I don't know...Samuel Ramey, for instance, had amazing agility. And then there's Don Ottavio's coloratura in "Il mio tesoro" (DON GIOVANNI), which to me sounds as intricate as most of Mozart's writing for soprano.

As to why Mozart didn't write any concert arias for baritone -- I don't think it was until Rossini's time that the lower male voices (which I believe in Mozart's time were all called "bass"?) were seen as "showy" in the same way women's voices were.

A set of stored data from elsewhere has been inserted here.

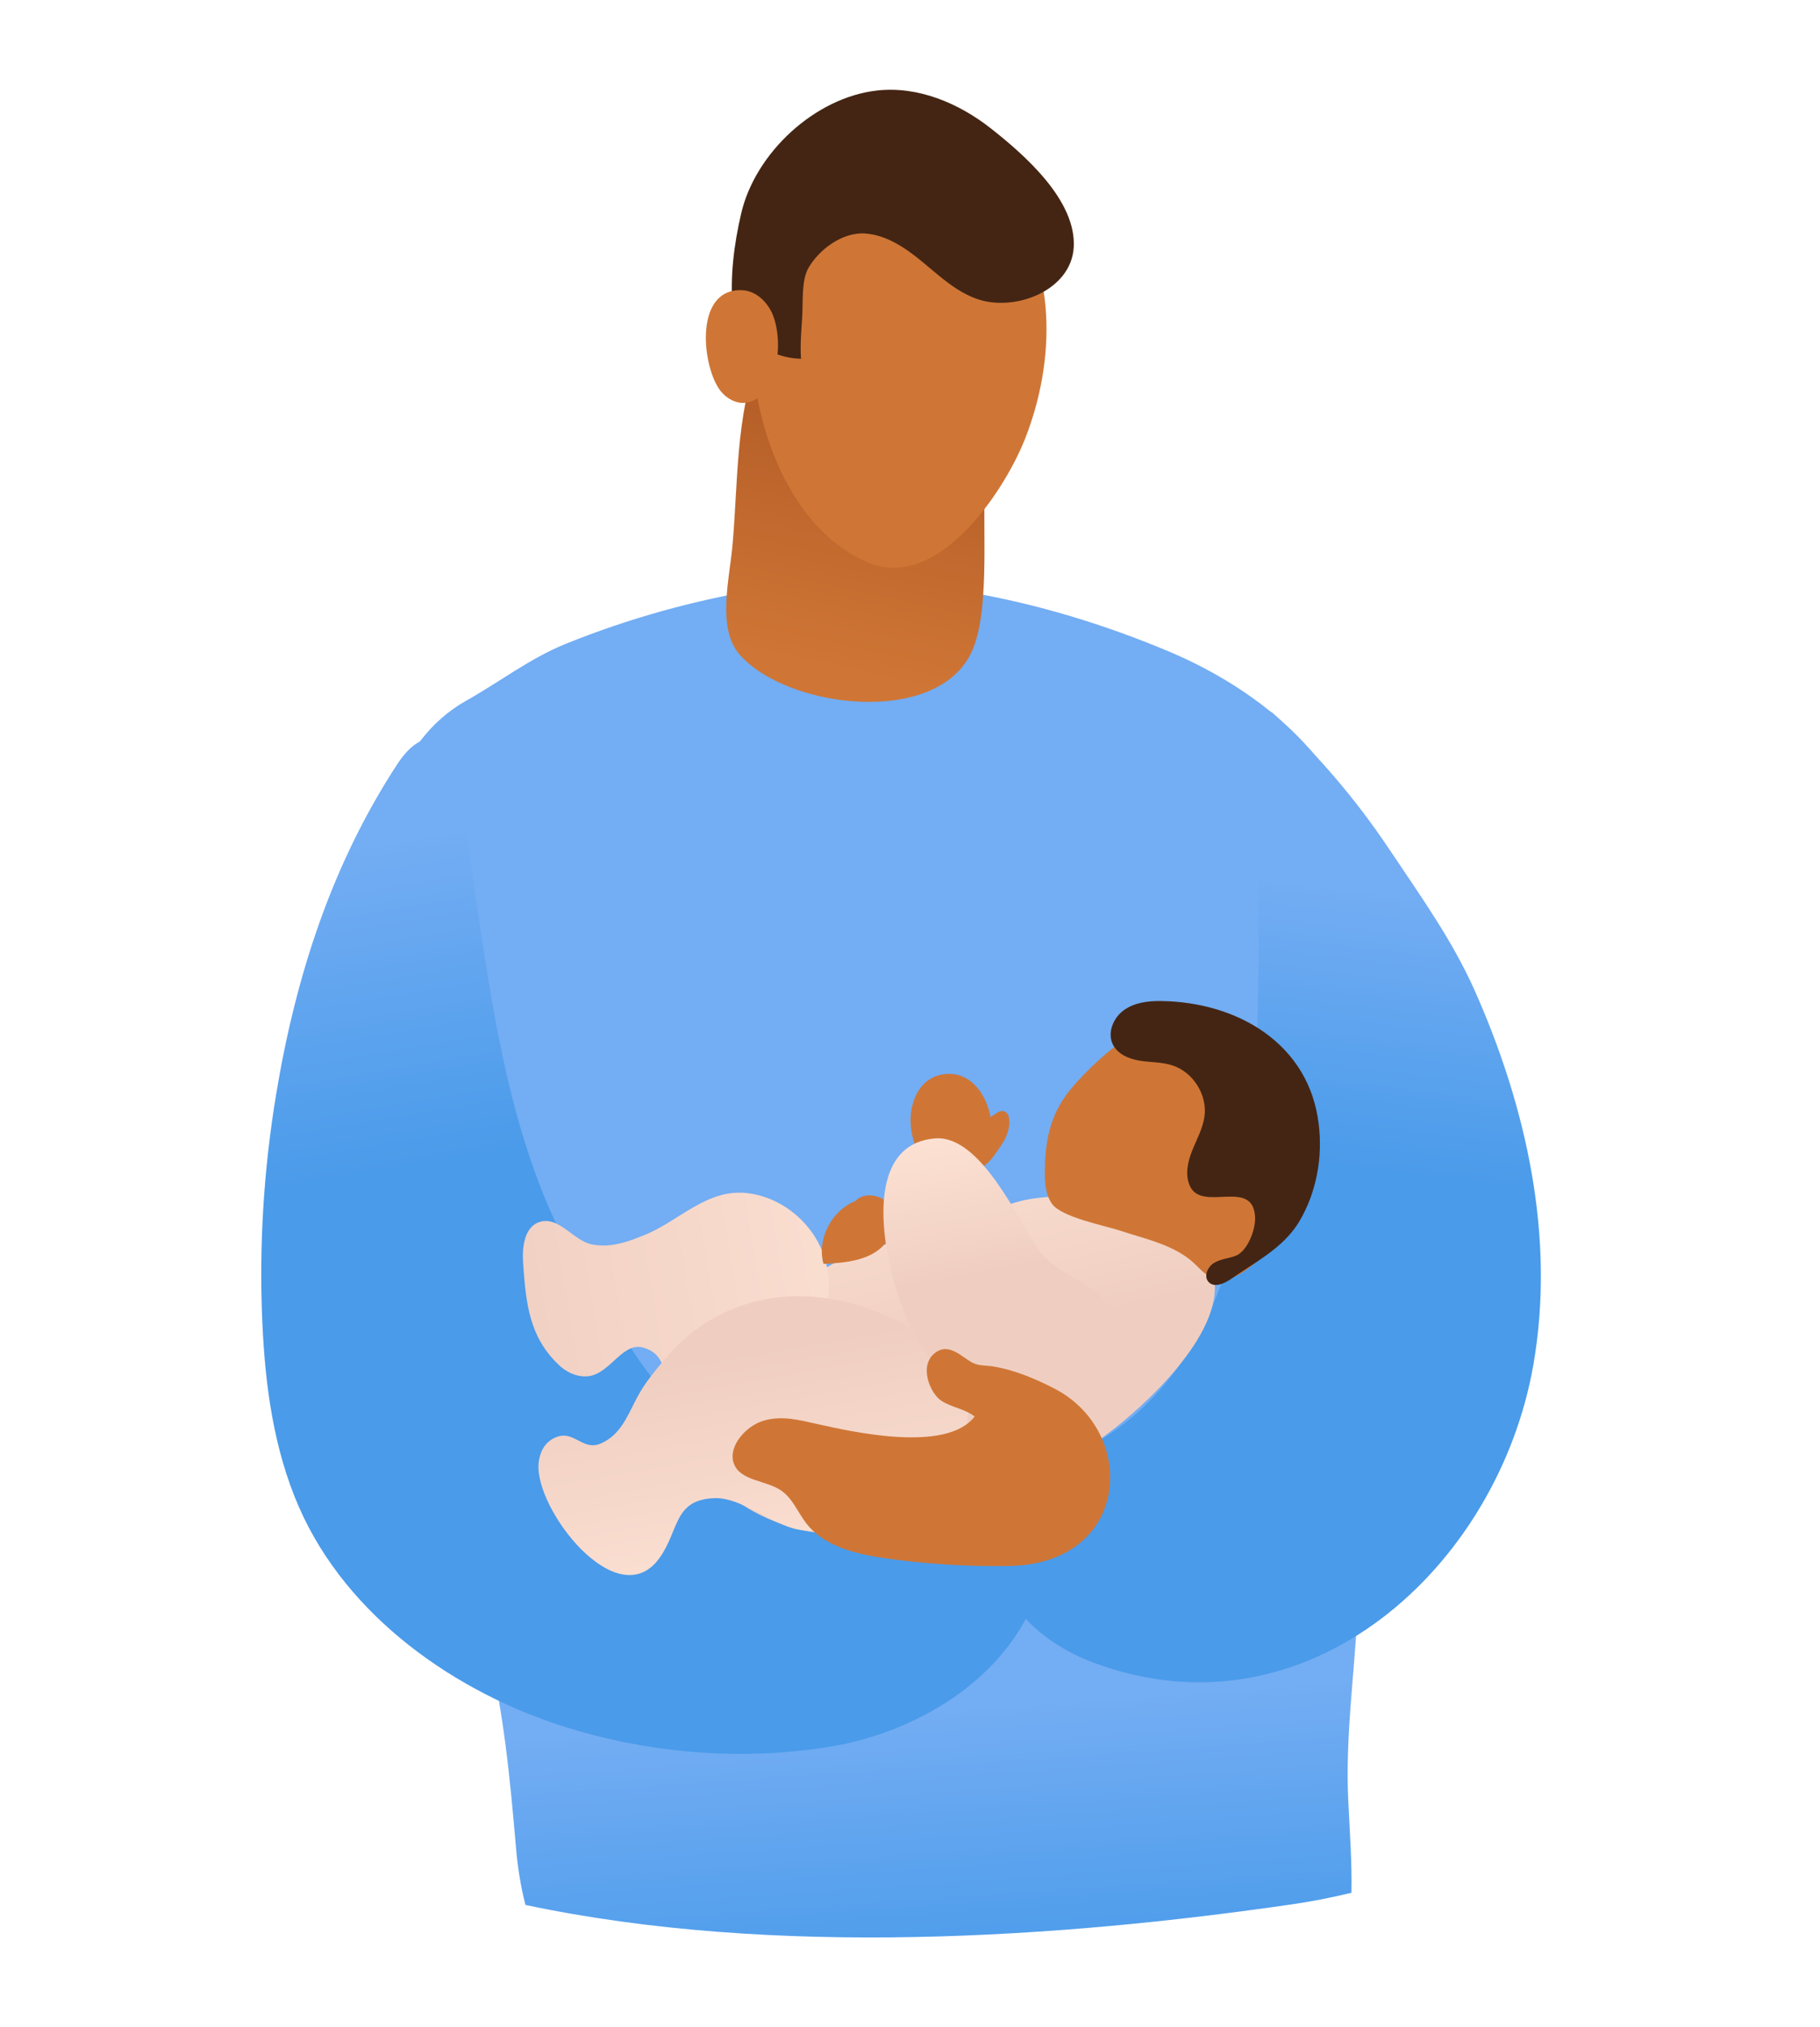 <?xml version="1.0" encoding="UTF-8"?>
<!-- Generator: Adobe Illustrator 28.0.0, SVG Export Plug-In . SVG Version: 6.00 Build 0)  -->
<svg xmlns="http://www.w3.org/2000/svg" xmlns:xlink="http://www.w3.org/1999/xlink" version="1.1" id="Layer_1" x="0px" y="0px" viewBox="0 0 1456.72 1621.79" style="enable-background:new 0 0 1456.72 1621.79;" xml:space="preserve">
<style type="text/css">
	.st0{fill:url(#SVGID_1_);}
	.st1{fill:url(#SVGID_00000158007812174298199320000010994776956498196894_);}
	.st2{fill:#CF7636;}
	.st3{fill:#442513;}
	.st4{fill:url(#SVGID_00000000213399724562943440000011361546807447349179_);}
	.st5{fill:url(#SVGID_00000003074064323583150080000001821844349471114116_);}
	.st6{fill:url(#SVGID_00000087384782268174448680000018029112307857416585_);}
	.st7{fill:url(#SVGID_00000003095534011096477860000000293139245741426365_);}
	.st8{fill:url(#SVGID_00000102507561884301510110000018158069538624428729_);}
	.st9{fill:url(#SVGID_00000075141290884912887970000007289548599903051703_);}
</style>
<g>
	<g>
		<linearGradient id="SVGID_1_" gradientUnits="userSpaceOnUse" x1="750.169" y1="1367.471" x2="765.491" y2="1583.894">
			<stop offset="0" style="stop-color:#73ADF3"></stop>
			<stop offset="1" style="stop-color:#4A9BEA"></stop>
		</linearGradient>
		<path class="st0" d="M1101.04,1004.91c-4.86,94.97-9.68,189.92-14.48,284.89c-2.57,50.9-9.88,100.14-7.39,151.28    c1.17,24.09,2.97,48.74,2.53,73.16c-16,3.87-31.75,6.95-47.11,9.18c-185.94,27.04-414.98,42.69-614.03,0.55    c-3.87-15.01-6.25-30.54-7.55-45.66c-4.88-56.93-9.84-108.15-23.02-163.6c-14.26-60.07-23.04-122.21-33.45-183.08    c-20.84-121.71-38.51-244.07-48.92-367.17c-3.65-43-6.56-87.29,6.45-128.44c9.84-31.07,30.17-59.26,58.86-75.32    c26.32-14.74,51.14-33.95,79.5-45.46c50.83-20.6,103.84-35.23,157.82-44.08c106.88-17.52,224.55,7.79,324.48,49.69    c64.67,27.11,124.79,73.41,151.1,138.41C1123.73,752.89,1106.17,904.28,1101.04,1004.91z"></path>
		
			<linearGradient id="SVGID_00000040571076987535537920000009828864990194843019_" gradientUnits="userSpaceOnUse" x1="704.151" y1="347.138" x2="663.695" y2="534.97">
			<stop offset="0" style="stop-color:#B65F28"></stop>
			<stop offset="1" style="stop-color:#CF7636"></stop>
		</linearGradient>
		<path style="fill:url(#SVGID_00000040571076987535537920000009828864990194843019_);" d="M586.31,435.92    c4.38-49.36,2.61-102.53,20.23-149.33c12.95-34.41,39.41-65.31,72.72-71.23c37.29-6.63,74.18,20.43,91.28,56.95    c17.96,38.37,18.97,82.63,17.54,124.19c-1.15,33.41,3.48,93.32-9.83,123.81c-26.84,61.48-147.31,46.93-185.94,3.78    C573.49,503.06,583.85,463.63,586.31,435.92z"></path>
		<g>
			<path class="st2" d="M833,308.51c-2.81,14-6.85,27.73-11.9,40.89c-0.35,0.91-0.71,1.82-1.1,2.76     c-17.88,44.15-70.57,120.7-125,97.91c-80.21-33.58-109.1-161.89-85.9-240.81c1.41-4.79,3.01-9.4,4.8-13.79     c16.79-41.16,53.14-75.64,96.41-87.27c9.08-2.45,17.5-3.18,25.32-2.5c25.28,2.18,48.81,15.99,65.58,34.63     c18.64,20.69,20.95,42.67,28.54,67.84C839.5,240.51,839.69,275.29,833,308.51z"></path>
		</g>
		<path class="st3" d="M751.55,220.57c9.26,7.54,18.91,14.51,30.08,18.49c30.52,10.88,75.75-6.56,77.78-41.18    c2.21-37.86-39.99-74.44-66.42-95.22c-25.72-20.23-58.27-33.86-90.79-30.28c-49.8,5.49-97.58,49.77-108.93,98.26    c-5.79,24.75-9.17,51.34-6.73,76.73c0.49,5.1-0.16,13.93,1.44,18.52c2.06,5.91,7.83,7.09,13.36,9.39    c12.78,5.32,26.44,11.97,40.61,11.69c-0.05-0.07-0.8-0.18-0.84-0.15c-0.75-11.15,0.32-22.63,1-33.76    c0.67-11.07-0.76-28.78,5-38.76c8.45-14.63,27.03-28.65,45.08-27.51c17.47,1.11,32.79,11.71,46.29,22.86    C742.82,213.26,747.14,216.98,751.55,220.57z"></path>
		<path class="st2" d="M622.6,280.19c0.52-9.43-0.74-18.85-3.29-26.28c-3.81-11.11-13.35-21.11-25.08-21.72    c-38.12-1.97-32.81,58.1-18.71,78.93c4.92,7.26,13.69,12.49,22.33,10.95C615.2,318.98,621.79,294.96,622.6,280.19z"></path>
		
			<linearGradient id="SVGID_00000175307863389021032180000017568838697850741181_" gradientUnits="userSpaceOnUse" x1="438.534" y1="651.543" x2="481.783" y2="907.273">
			<stop offset="0" style="stop-color:#73ADF3"></stop>
			<stop offset="1" style="stop-color:#4A9BEA"></stop>
		</linearGradient>
		<path style="fill:url(#SVGID_00000175307863389021032180000017568838697850741181_);" d="M220.89,876.27    c-9.92,60.07-13.63,121.16-10.9,181.99c2.26,50.35,9.09,101.27,29.3,147.44c38.56,88.09,126.04,148.94,214.87,176.44    c67.04,20.76,140.15,26.6,209.47,15.35c74.18-12.04,147.75-58.66,169.13-130.71c10.13-34.16,5.31-76.33-23.29-97.58    c-36.06-26.78-71.43-12.61-108.88-2.91c-39.83,10.31-93.16,0.44-129.02-18.71c-42.82-22.87-69.09-74.61-95.37-113.99    c-81-118.38-85.61-277.55-111.38-416.14c-1.85-9.96-4.92-21.48-14.3-25.28c-12.59-5.11-24.89,7.51-32.33,18.87    C265.31,691.75,236.5,781.69,220.89,876.27z"></path>
		
			<linearGradient id="SVGID_00000148651421243903253300000015081336957316768927_" gradientUnits="userSpaceOnUse" x1="1068.136" y1="709.458" x2="1041.811" y2="929.462">
			<stop offset="0" style="stop-color:#73ADF3"></stop>
			<stop offset="1" style="stop-color:#4A9BEA"></stop>
		</linearGradient>
		<path style="fill:url(#SVGID_00000148651421243903253300000015081336957316768927_);" d="M1227.38,1091.37    c17.61-101.67-5.69-205.96-47.09-299.06c-17.92-40.29-43.96-76.47-68.49-113.16c-26.22-39.22-57.03-75.37-91.66-107.4    c-1.88-1.74-4.1-3.59-6.66-3.38c-4.58,0.37-5.91,6.38-6,10.97c-2.54,128.47,6.84,259.91-14.21,387.11    c-11.26,67.99-42.49,135.37-98.15,175.94c-18.77,13.68-39.85,24.03-58.23,38.24c-18.37,14.22-34.45,33.61-37.41,56.66    c-5.47,42.73,35.12,77.64,75.46,92.74C1045.89,1393.96,1199.24,1253.85,1227.38,1091.37z"></path>
		<g>
			
				<linearGradient id="SVGID_00000070086870322901432310000008412144789445222289_" gradientUnits="userSpaceOnUse" x1="704.075" y1="797.812" x2="769.483" y2="1078.132">
				<stop offset="0.407" style="stop-color:#FCE1D3"></stop>
				<stop offset="1" style="stop-color:#EFCEC1"></stop>
			</linearGradient>
			<path style="fill:url(#SVGID_00000070086870322901432310000008412144789445222289_);" d="M938.21,979.47     c-36.3-22.44-91.85-26.96-124.43-17.81c-21.36,6-39.95,18.92-60.75,25.37c-14.96,4.64-31.84,5.32-47.33,9.18     c-32.85,8.19-61.46,23.5-78.9,53.66c-15.75,27.24-9.24,55.02-18.01,83.2c-7.8,25.07-48.52,47.38-18.46,68.21     c92.24,63.93,225.05,1.66,302.55-59.22c30.32-23.81,94.01-84.18,76.54-127.86C963.62,999.72,952.38,988.23,938.21,979.47z"></path>
			<path class="st2" d="M1050.32,926.86c0.96-30.39-13.77-60.33-36.8-80.4c-18.21-15.86-55.97-36.94-81.39-30.98     c-25.27,5.93-56.31,34.2-72.88,53.17c-17.34,19.85-22.43,40.1-22.94,66.17c-0.19,9.66,0.09,19.97,5.49,27.98     c7.44,11.04,42.05,17.52,54.89,21.79c19.9,6.62,42.77,11.13,58.74,25.73c4.18,3.82,7.84,8.38,12.9,10.92     c8.01,4.02,17.98,1.97,25.52-2.88C1022.1,1000.14,1050.32,961.5,1050.32,926.86z"></path>
			<path class="st2" d="M733.92,874.69c4.45-8.23,11.88-14.38,22.65-15.44c21.06-2.07,33.25,17.42,36.21,34.34     c2.35-1.22,6.77-4.92,9.43-4.82c3.5,0.13,5.15,3.33,5.54,6.34c0.96,7.4-2.46,15.61-6.67,21.56c-4.1,5.81-7.46,11.8-13.43,16.05     c-11.39,8.09-27.72,9.99-40,2.73c-11.91-7.05-16.71-19.68-18.42-32.76C728.01,893.31,729.46,882.96,733.92,874.69z"></path>
			
				<linearGradient id="SVGID_00000065040639338703352860000006690492715955264134_" gradientUnits="userSpaceOnUse" x1="732.142" y1="1012.66" x2="372.398" y2="1073.396">
				<stop offset="0" style="stop-color:#FCE1D3"></stop>
				<stop offset="1" style="stop-color:#EFCEC1"></stop>
			</linearGradient>
			<path style="fill:url(#SVGID_00000065040639338703352860000006690492715955264134_);" d="M508.05,991.08     c-11.09,4.12-22.21,6.88-34.55,4.41c-14.41-2.88-26.14-22.81-41.56-17.93c-12.29,3.89-14.14,20.19-13.24,33.02     c2.22,31.54,4.69,59.17,29.04,81.82c7.24,6.73,17.85,10.79,27.23,7.68c14.98-4.97,24.63-26.34,39.83-22     c31.58,9.02,2.19,49.69,50.2,48.02c54.8-1.92,111.68-59.91,95.56-117.94c-7.62-27.44-32.42-49.3-60.6-53.42     c-33.37-4.88-55.48,21.61-83.72,33.13C513.5,988.97,510.78,990.07,508.05,991.08z"></path>
			
				<linearGradient id="SVGID_00000022546632145004897120000012026078449888445853_" gradientUnits="userSpaceOnUse" x1="623.809" y1="1268.386" x2="591.106" y2="1081.506">
				<stop offset="0" style="stop-color:#FCE1D3"></stop>
				<stop offset="1" style="stop-color:#EFCEC1"></stop>
			</linearGradient>
			<path style="fill:url(#SVGID_00000022546632145004897120000012026078449888445853_);" d="M445.79,1149.51     c13.98-5.07,20.84,11.58,35.23,5.24c15.24-6.71,20.93-21.2,27.99-35.03c7.07-13.85,16.29-24.33,26.4-36.11     c23.41-27.26,57.45-43.76,93.25-46.28c42.54-2.99,85.12,12.59,119.37,38c42.7,31.69,29.82,86.67-5.59,120.51     c-27.53,26.32-67.16,34.98-103.89,27.76c-21.5-4.22-45.39-26.09-67.18-25.06c-32.3,1.53-27.6,25.5-43.38,47.7     c-33.8,47.56-100.93-39.9-96.85-76.04C432.23,1160.5,436.77,1152.8,445.79,1149.51z"></path>
			<path class="st2" d="M683.15,963c6.83-11.74,27.66-6.93,31.99,5.93c4.33,12.86-4.4,27.16-16.28,33.85     c-11.89,6.69-26.08,7.61-39.72,8.37c-5.97-21.39,8.45-46.23,30.09-51.85L683.15,963z"></path>
			<path class="st3" d="M993.08,1017.94c-2.57,1.69-5.12,3.39-7.63,5.13c-5.45,3.78-13.4,7.41-18.01,2.64     c-4.21-4.36-1.02-12.11,4.14-15.29c5.16-3.18,11.52-3.61,17.22-5.68c9.51-3.46,16.03-20.56,15.78-30.28     c-0.84-32.71-42.04-4.42-52.04-25.35c-4.23-8.84-2.01-19.39,1.62-28.49c3.62-9.1,8.61-17.85,9.91-27.56     c2.32-17.38-9.27-35.58-25.99-40.84c-8.28-2.61-17.18-2.27-25.75-3.64c-8.58-1.37-17.61-5.1-21.53-12.85     c-4.71-9.33,0.15-21.35,8.61-27.49c8.45-6.14,19.45-7.55,29.9-7.41c61.73,0.85,118.55,34.46,126.17,98.46     c3.31,26.48-1.73,54.46-15.33,77.54C1029.2,995.39,1010.77,1006.31,993.08,1017.94z"></path>
			
				<linearGradient id="SVGID_00000135672843845793467440000013217236641966423684_" gradientUnits="userSpaceOnUse" x1="778.555" y1="907.817" x2="798.638" y2="1017.158">
				<stop offset="0" style="stop-color:#FCE1D3"></stop>
				<stop offset="1" style="stop-color:#EFCEC1"></stop>
			</linearGradient>
			<path style="fill:url(#SVGID_00000135672843845793467440000013217236641966423684_);" d="M709.73,945.52     c4.72-19.07,16.26-32.96,38.61-34.78c36.33-2.96,65.62,63.85,83.72,89.94c15.13,21.82,49.05,24.97,58.1,51.28     c8.5,24.7-4.37,53.74-26.73,67.49c-22.36,13.75-51.81,13.28-75.72,2.4c-23.91-10.89-42.6-31.08-55.56-53.8     C718.81,1044.65,700.11,984.36,709.73,945.52z"></path>
		</g>
		<path class="st2" d="M888.57,1182.97c0.36-27.68-14.84-56.52-44.13-71.84c-14.9-7.8-32.39-15.19-49.69-17.98    c-6.31-1.02-11.39-0.21-17.02-3.29c-7.73-4.23-17.6-15.13-27.97-8.49c-15.21,9.72-5.66,33.15,3.73,39.27    c8.28,5.41,19,6.51,26.62,12.58c-22.83,29.7-99.49,11.88-126.2,5.97c-13.73-3.04-27.98-6.96-42.56-2.68    c-14.58,4.27-28.62,20.67-24.16,33.88c4.89,14.48,25.53,13.6,37.88,21.93c9.38,6.33,13.59,17.86,20.57,26.73    c14.62,18.57,40.31,24.39,64.84,27.83c31.79,4.46,64.3,6.44,97.17,5.91C862.17,1251.93,888.11,1218.4,888.57,1182.97z"></path>
	</g>
</g>
</svg>

Did Mozart write any concert arias for tenor?
Edited to add: I just looked at the link -- I guess he did write a few.


----------



## Pugg (Aug 8, 2014)

^

Gösta Winbergh made a wonderful tenor arias recording.


----------



## Vaneyes (May 11, 2010)

russetvelvet said:


> https://en.wikipedia.org/wiki/List_of_concert_arias,_songs_and_canons_by_Wolfgang_Amadeus_Mozart
> 
> The wikipedia page seems to be a fairly exhaustive compilation, and I'm baffled...perhaps at his time baritones didn't need such showcasing pieces?


Answer is provided here...a common lumping of bass/baritone. :tiphat:

https://en.wikipedia.org/wiki/Baritone


----------